Mya sighed. Her heart ached over sending her young daughter out into the world alone and underprepared. There was so much danger. If the hunters ever found her...no, she wouldn't die with that thought at the front of her mind. "Quit stalling. You'll have to manage, honey. I know you can do it. You're intelligent. More so than most. You're strong. Remember everything I taught you about evading the hunters. Be brave."
The girl's sobs turned into hiccups. "I love you, Momma."
"I love you too. Now go."
Cassie descended and Mya heard her splash into the water below. She crawled to the hatch, closed it, and turned the wheel locking her daughter out so she wouldn't be able to change her mind.
"Charges are ready," one of the hunters said from the other side of the door.
Mya got to her feet dizzy and cold from the blood loss. She exhaled and cried out in pain as a row of fins punched through the skin covering her vertebrae. A long tail grew from her lower back. She extended her hands, as webbing filled the gaps between her fingers. Sharp barbs protruded from her fingertips.
One of the hunters yelled, "Fire in the hole."
The concussion resulting from the detonation flung Mya against the back wall, stunning her, sending her to the floor. She knew she had only a few moments left to live.

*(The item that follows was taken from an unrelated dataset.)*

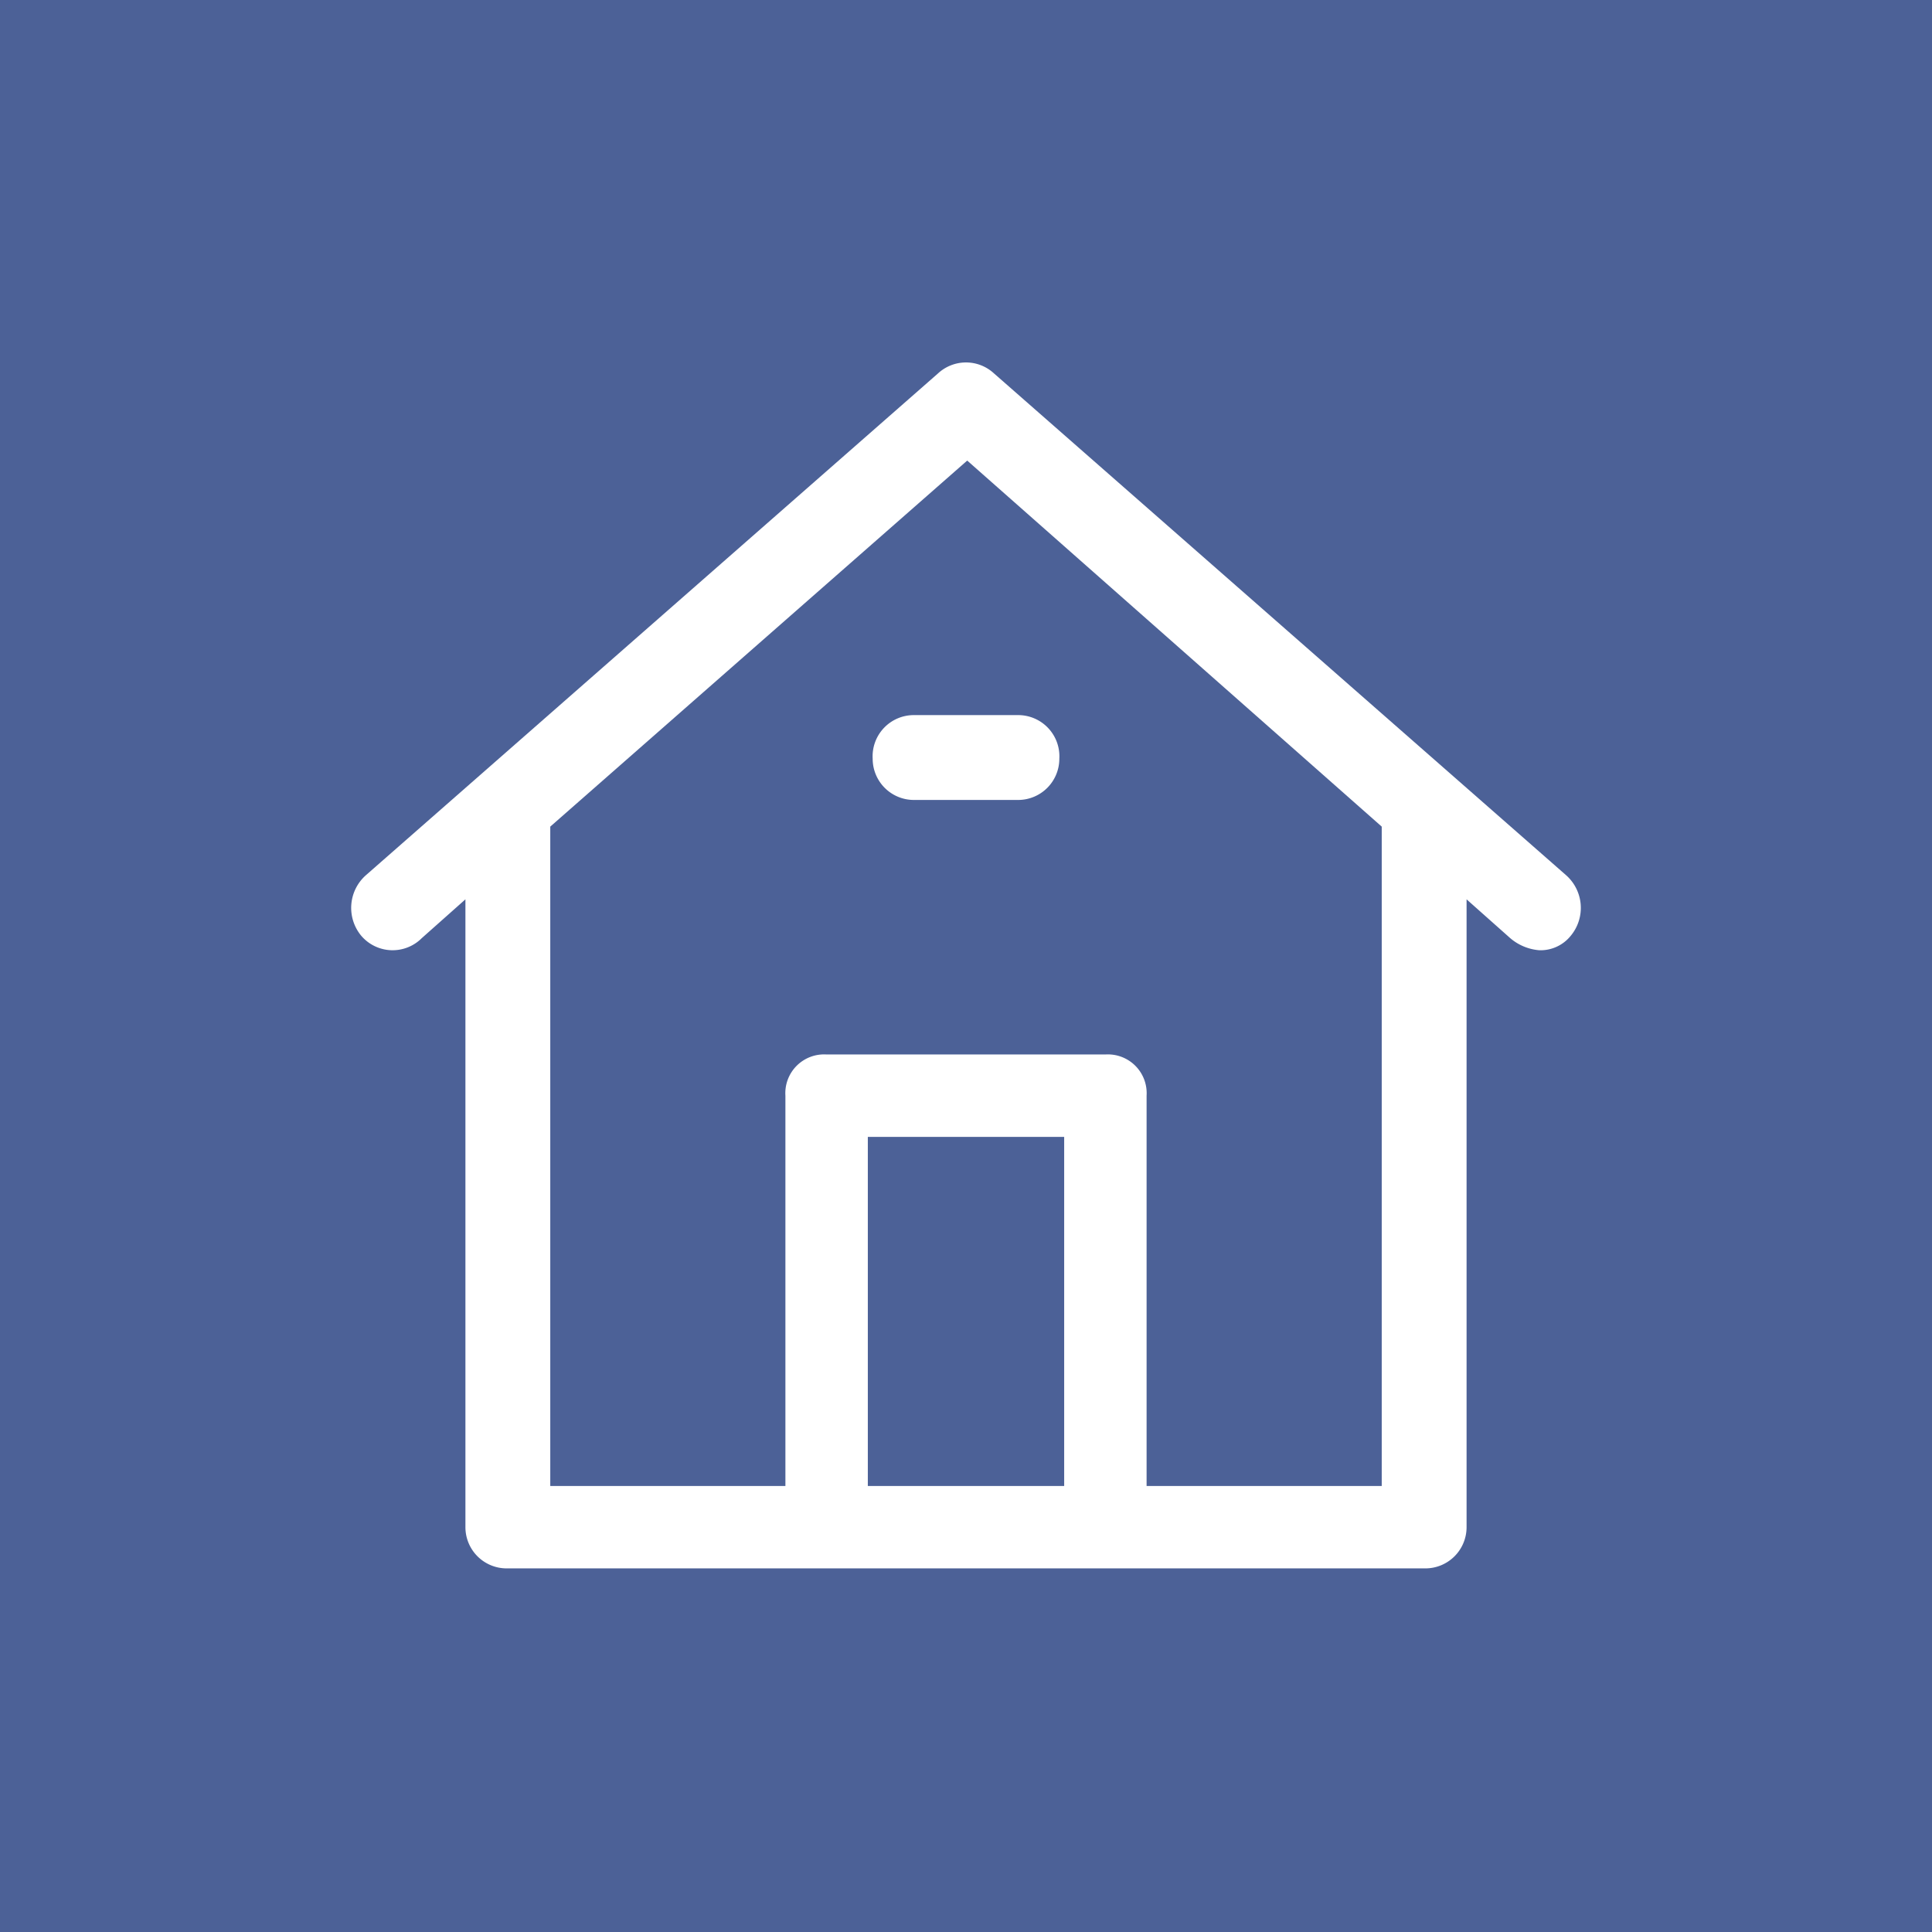 <svg xmlns="http://www.w3.org/2000/svg" width="28.1mm" height="28.1mm" viewBox="0 0 79.7 79.7">  <title>ICONS</title>  <rect width="79.7" height="79.71" fill="#4c6197"/>  <g>    <path d="M64.6,36.1,41,15.4a1.7,1.7,0,0,0-2.3,0L15.1,36.1a1.8,1.8,0,0,0-.2,2.5,1.7,1.7,0,0,0,2.5.1l1.8-1.6V63a1.7,1.7,0,0,0,1.7,1.7H58.8A1.7,1.7,0,0,0,60.5,63V37.1l1.8,1.6a2.1,2.1,0,0,0,1.2.5,1.6,1.6,0,0,0,1.3-.6A1.8,1.8,0,0,0,64.6,36.1ZM35.8,61.3V46.9h8.1V61.3ZM57,34.1V61.3H47.3V45.2a1.6,1.6,0,0,0-1.7-1.7H34.1a1.6,1.6,0,0,0-1.7,1.7V61.3H22.7V34.1h0L39.9,19,57,34.1Z" fill="#fff"/>    <path d="M36,31.3A1.7,1.7,0,0,0,37.7,33H42a1.7,1.7,0,0,0,1.7-1.7A1.7,1.7,0,0,0,42,29.5H37.7A1.7,1.7,0,0,0,36,31.3Z" fill="#fff"/>  </g></svg>

The hunters streamed into the bunker blinding her with their flashlights.
"Remember, we need her alive," one of them said.
"Hey, there were two. Where's the other one?" Another hunter asked.
"What the hell kind of monster is she?"
Mya recognized fear in the trembling voice of the man whose arm she had bitten. He was weakest and would be her target.
She sprang at the hunter, clawed deep gashes into his throat, and bit down. Mya tore out his larynx with her teeth rendering him unable to scream.
Muzzles flashed. Hot lead ripped into her.
And she knew no more.
The top photo, I think, perfectly captures the terror a child like Cassie would experience living through this scene. No worries. The photo was staged and is not real.